#### Try it:
Give the data below again exactly as written, without its pictures.

##### Records supplied

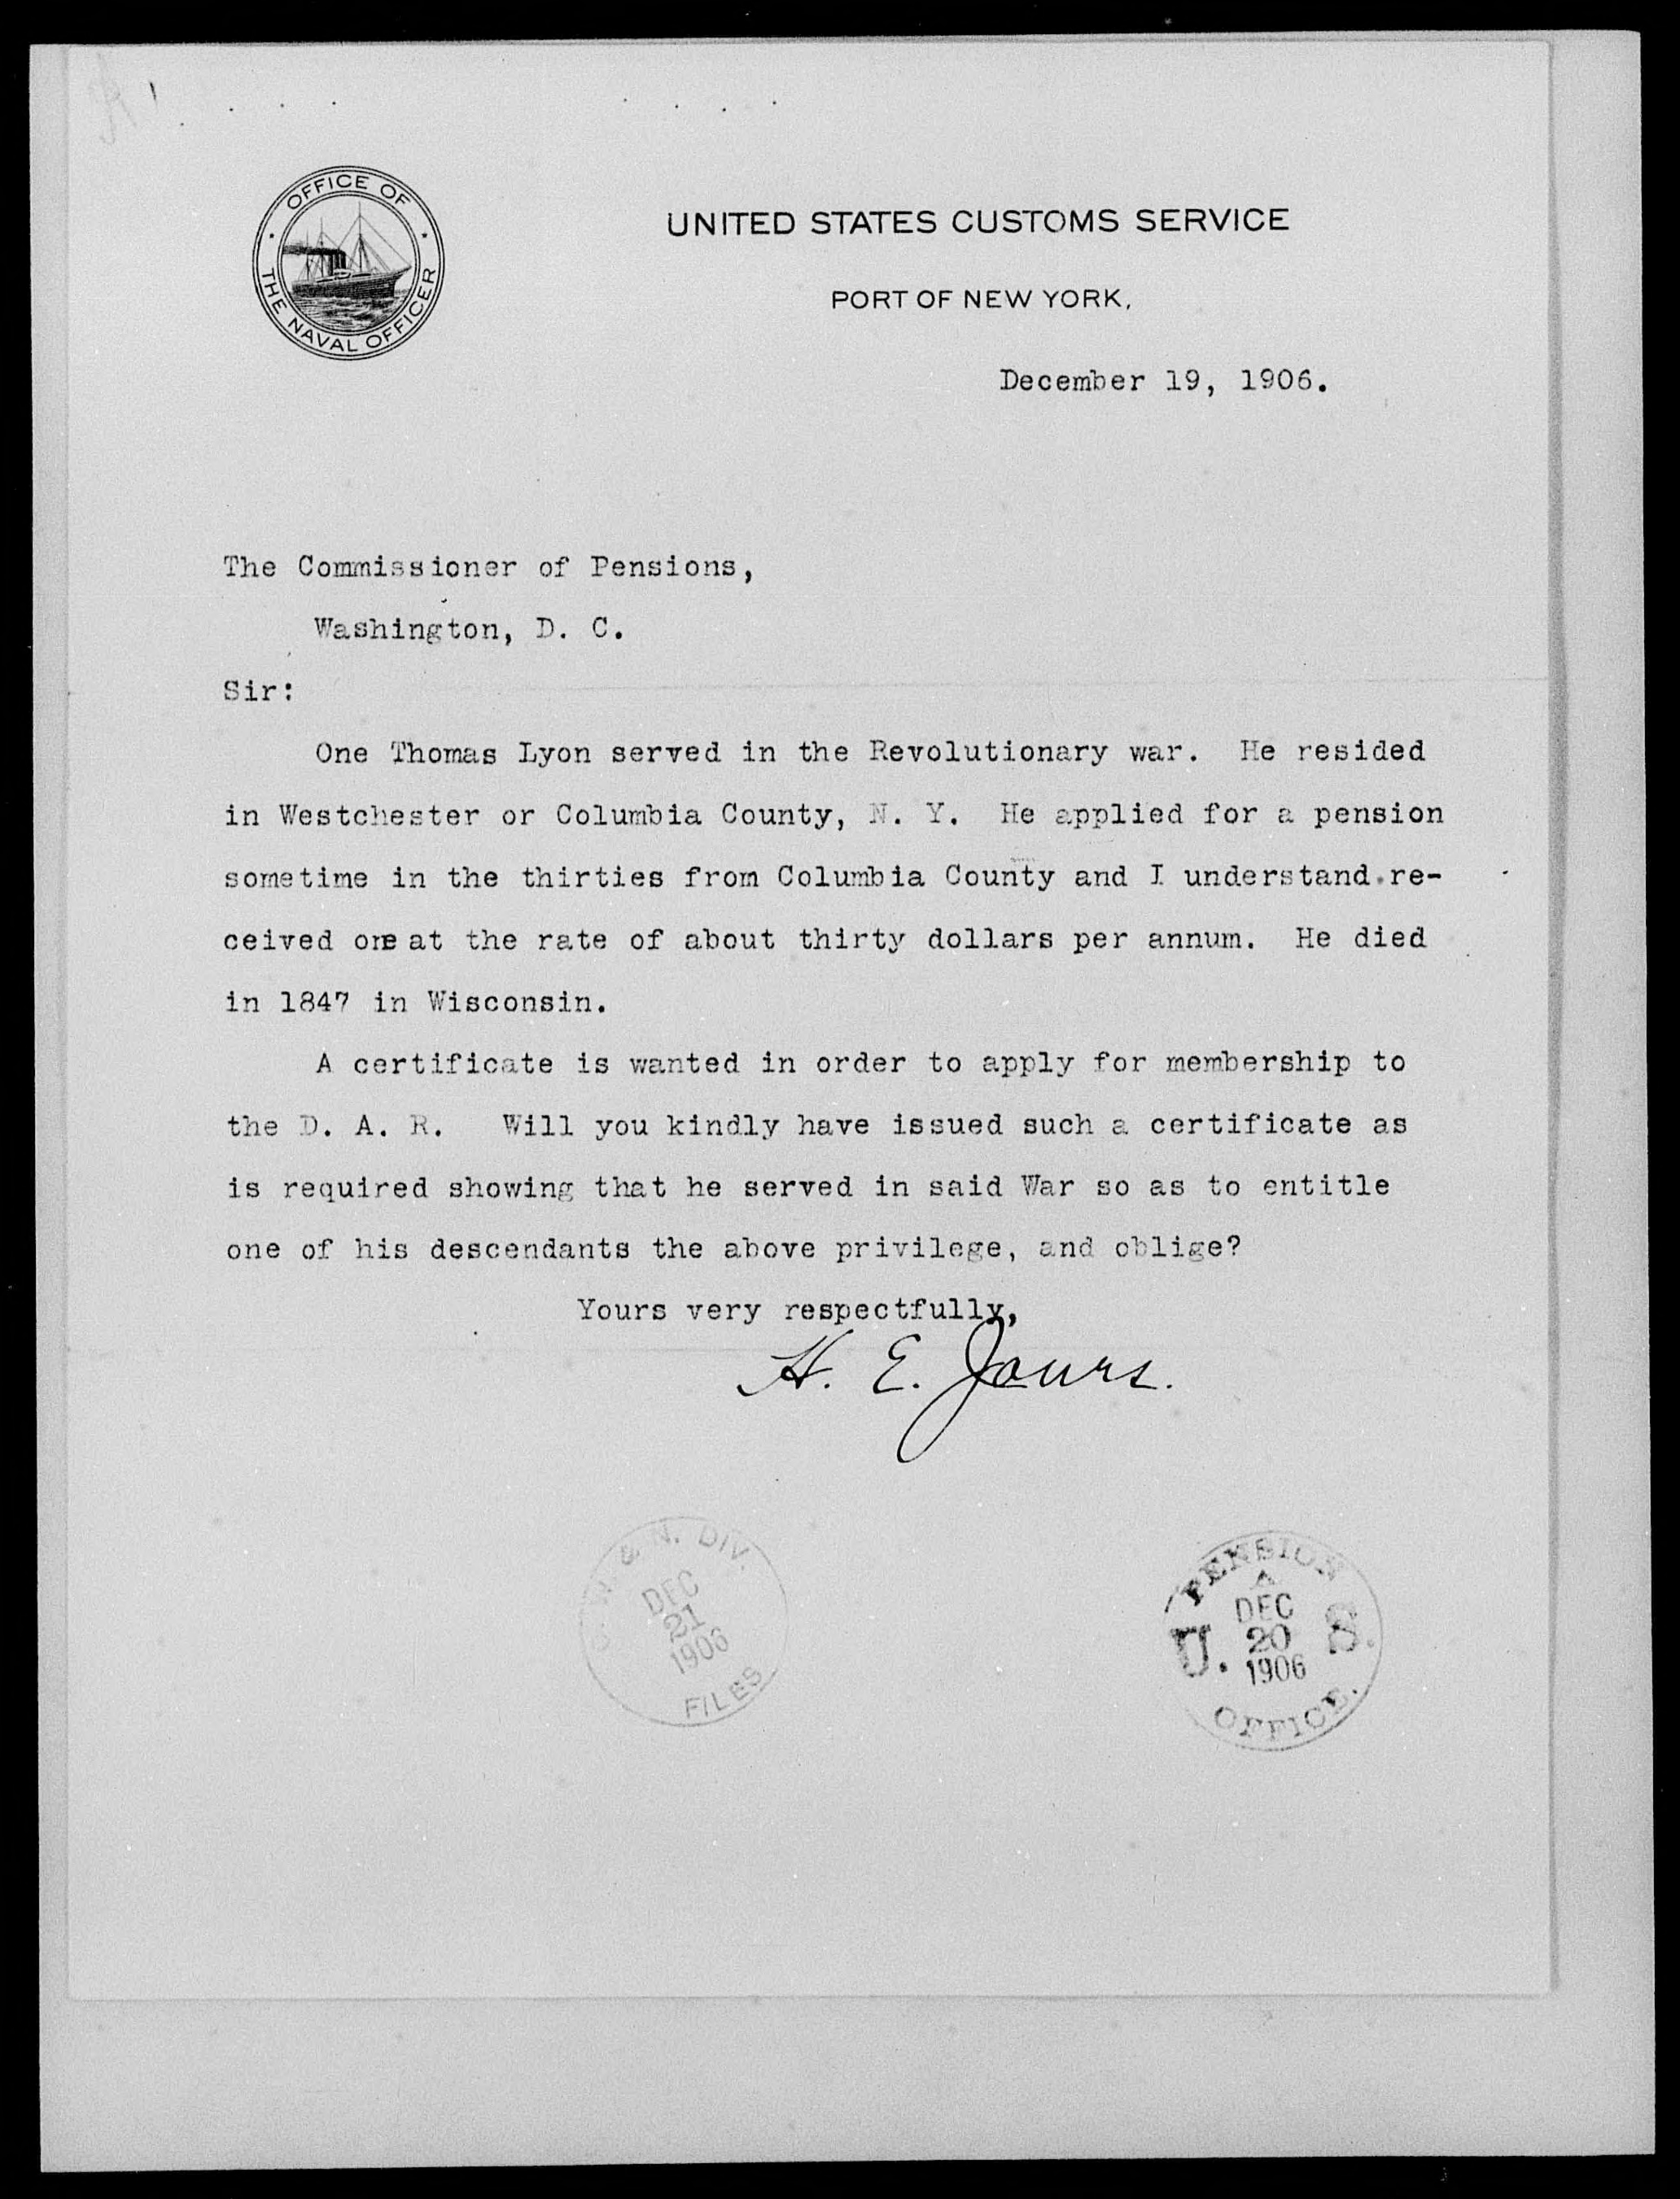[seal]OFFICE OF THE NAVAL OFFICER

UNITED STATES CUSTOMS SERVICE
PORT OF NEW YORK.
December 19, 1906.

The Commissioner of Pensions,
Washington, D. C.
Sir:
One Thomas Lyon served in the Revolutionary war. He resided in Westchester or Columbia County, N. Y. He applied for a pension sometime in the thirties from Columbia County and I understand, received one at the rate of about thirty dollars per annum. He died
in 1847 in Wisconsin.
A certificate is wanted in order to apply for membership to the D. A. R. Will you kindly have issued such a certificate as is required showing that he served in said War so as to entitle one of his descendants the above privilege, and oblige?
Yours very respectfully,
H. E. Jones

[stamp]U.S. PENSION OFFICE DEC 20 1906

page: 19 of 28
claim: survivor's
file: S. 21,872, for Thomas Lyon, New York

##########

#### Result:
[seal]OFFICE OF THE NAVAL OFFICER

UNITED STATES CUSTOMS SERVICE
PORT OF NEW YORK.
December 19, 1906.

The Commissioner of Pensions,
Washington, D. C.
Sir:
One Thomas Lyon served in the Revolutionary war. He resided in Westchester or Columbia County, N. Y. He applied for a pension sometime in the thirties from Columbia County and I understand, received one at the rate of about thirty dollars per annum. He died
in 1847 in Wisconsin.
A certificate is wanted in order to apply for membership to the D. A. R. Will you kindly have issued such a certificate as is required showing that he served in said War so as to entitle one of his descendants the above privilege, and oblige?
Yours very respectfully,
H. E. Jones

[stamp]U.S. PENSION OFFICE DEC 20 1906

page: 19 of 28
claim: survivor's
file: S. 21,872, for Thomas Lyon, New York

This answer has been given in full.